=== Begin Enclosure ===
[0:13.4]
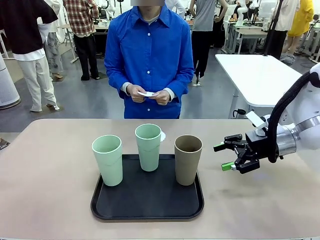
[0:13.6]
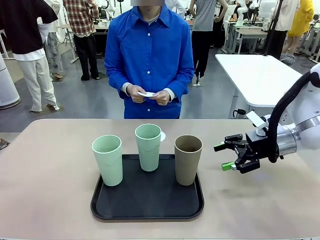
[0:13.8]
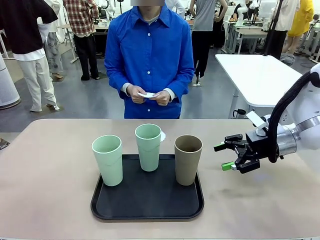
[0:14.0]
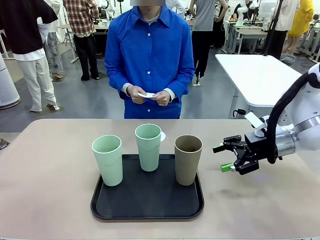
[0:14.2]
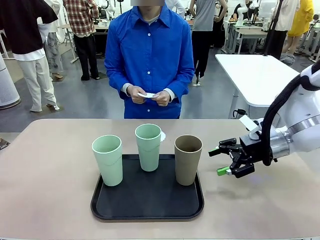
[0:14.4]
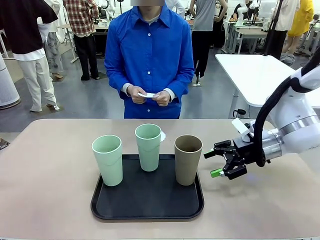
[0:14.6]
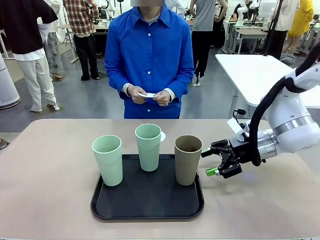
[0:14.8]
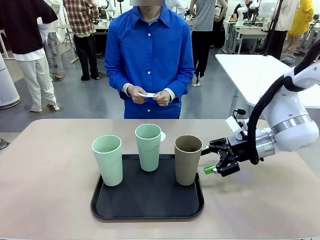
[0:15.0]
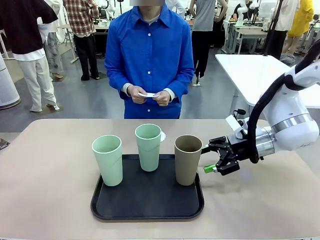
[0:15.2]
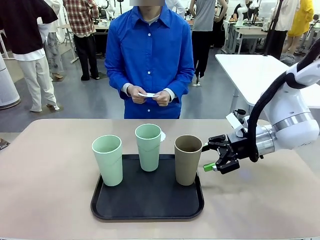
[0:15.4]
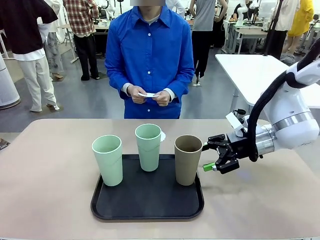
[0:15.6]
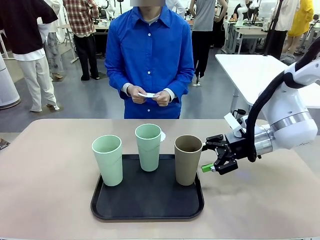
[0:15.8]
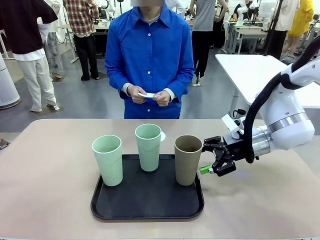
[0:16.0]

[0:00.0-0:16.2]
=== End Enclosure ===
### TASK DETAILS
Give the entries again exactly, but skip every image.

### RESPONSE TO THE EXERCISE
[0:13.4]
[0:13.6]
[0:13.8]
[0:14.0]
[0:14.2]
[0:14.4]
[0:14.6]
[0:14.8]
[0:15.0]
[0:15.2]
[0:15.4]
[0:15.6]
[0:15.8]
[0:16.0]

[0:00.0-0:16.2]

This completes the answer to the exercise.